Source apportionment and chemical reactivity of VOCs based on clustering during summertime in Changzhi
LI Ru-mei1,2, YAN Yu-long1, DUAN Xiao-lin1, WANG Fang-yuan1, NIU Yue-yuan1, WANG Cheng1,2, XU Yang1,2, LI Ying-hui1, HU Dong-mei1, FAN Zhan-chun3, LI Huang-feng3, PENG Lin1
1. Key Laboratory of Resources and Environmental System Optimization, Ministry of Education, College of Environmental Science and Engineering, North China Electric Power University, Beijing 102206, China; 2. School for Energy, Power and Mechanical Engineering, North China Electric Power University, Beijing 102206, China; 3. Shanxi Ecological Environment Monitoring Center, Taiyuan 030027, China
Abstract:To better understand sources and characteristics of volatile organic compounds (VOCs) pollution in Changzhi, a set of air samples were collected in summer 2017 to study the concentration and chemical reactivity (in the rate of OH radical loss) on ozone generation, and to identify anthropogenic sources of VOCs based on clustering analysis and positive matrix factorization model (PMF).

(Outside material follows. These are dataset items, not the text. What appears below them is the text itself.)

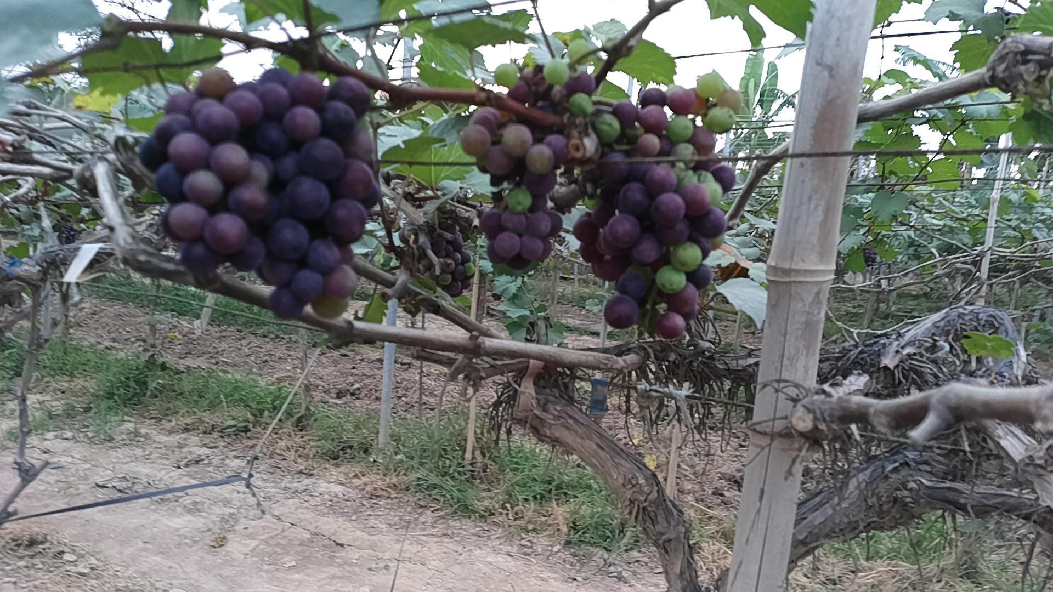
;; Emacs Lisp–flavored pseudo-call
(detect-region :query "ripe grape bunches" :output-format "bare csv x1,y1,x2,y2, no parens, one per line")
863,248,877,267
139,67,379,317
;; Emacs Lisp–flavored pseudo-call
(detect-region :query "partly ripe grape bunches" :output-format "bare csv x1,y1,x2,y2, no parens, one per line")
392,221,474,297
461,39,599,270
574,73,742,339
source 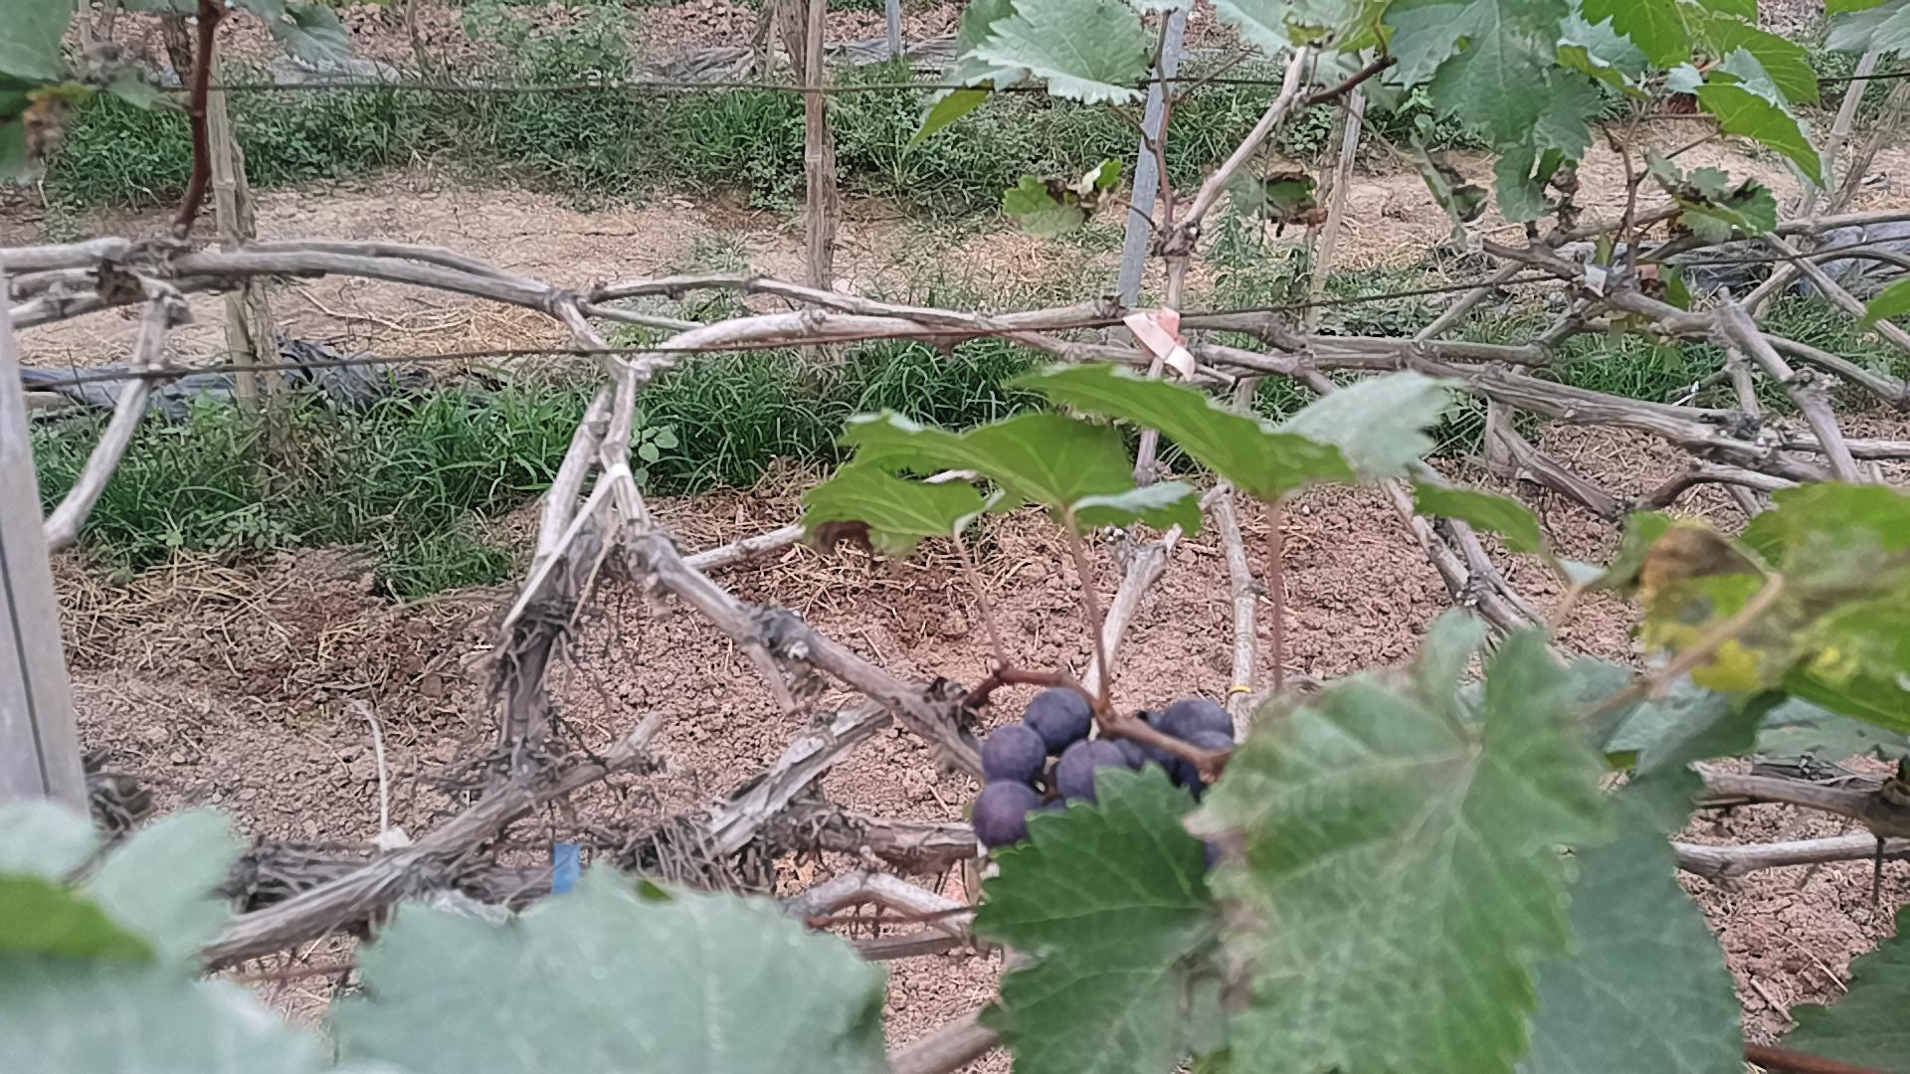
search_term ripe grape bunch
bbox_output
[971,685,1233,847]

Results revealed that the average concentration and chemical reactivity of total VOCs was 37.40μg/m3 and 5.07s-1, respectively, with the mixing characteristic of the local fresh emissions and aged air masses after oxidation reaction. Five major anthropogenic sources of VOCs with their contribution were identified by PMF: vehicles exhaust (29.7%), coal combustion (29.2%), liquefied petroleum gas/natural gas (LPG/NG) usage (23.5%), industrial processes (11.6%), and solvent usage (6.1%). For fresh emissions, the contribution shares became 34.6%, 38.4%, 10.1%, 8.5%, and 8.5%, respectively. The results suggested that VOCs in Changzhi mainly came from local vehicles exhaust and coal combustion, but LPG/NG usage and industrial processes in neighboring regions could also influence local VOCs via regional transportation processes. Thus, to effectively control the local VOCs emission, a joint prevention and control effort of LPG/NG usage and industrial processes in the neighboring urban area around Changzhi is needed in addition of regulating local vehicles and coal combustion.
李如梅, 闫雨龙, 段小琳, 王芳园, 牛月圆, 王成, 徐扬, 李颖慧, 胡冬梅, 樊占春, 李焕峰, 彭林. 基于聚类分析的长治市夏季VOCs来源及活性[J]. 中国环境科学, 2020, 40(8): 3249-3259.
LI Ru-mei, YAN Yu-long, DUAN Xiao-lin, WANG Fang-yuan, NIU Yue-yuan, WANG Cheng, XU Yang, LI Ying-hui, HU Dong-mei, FAN Zhan-chun, LI Huang-feng, PENG Lin. Source apportionment and chemical reactivity of VOCs based on clustering during summertime in Changzhi. CHINA ENVIRONMENTAL SCIENCECE, 2020, 40(8): 3249-3259.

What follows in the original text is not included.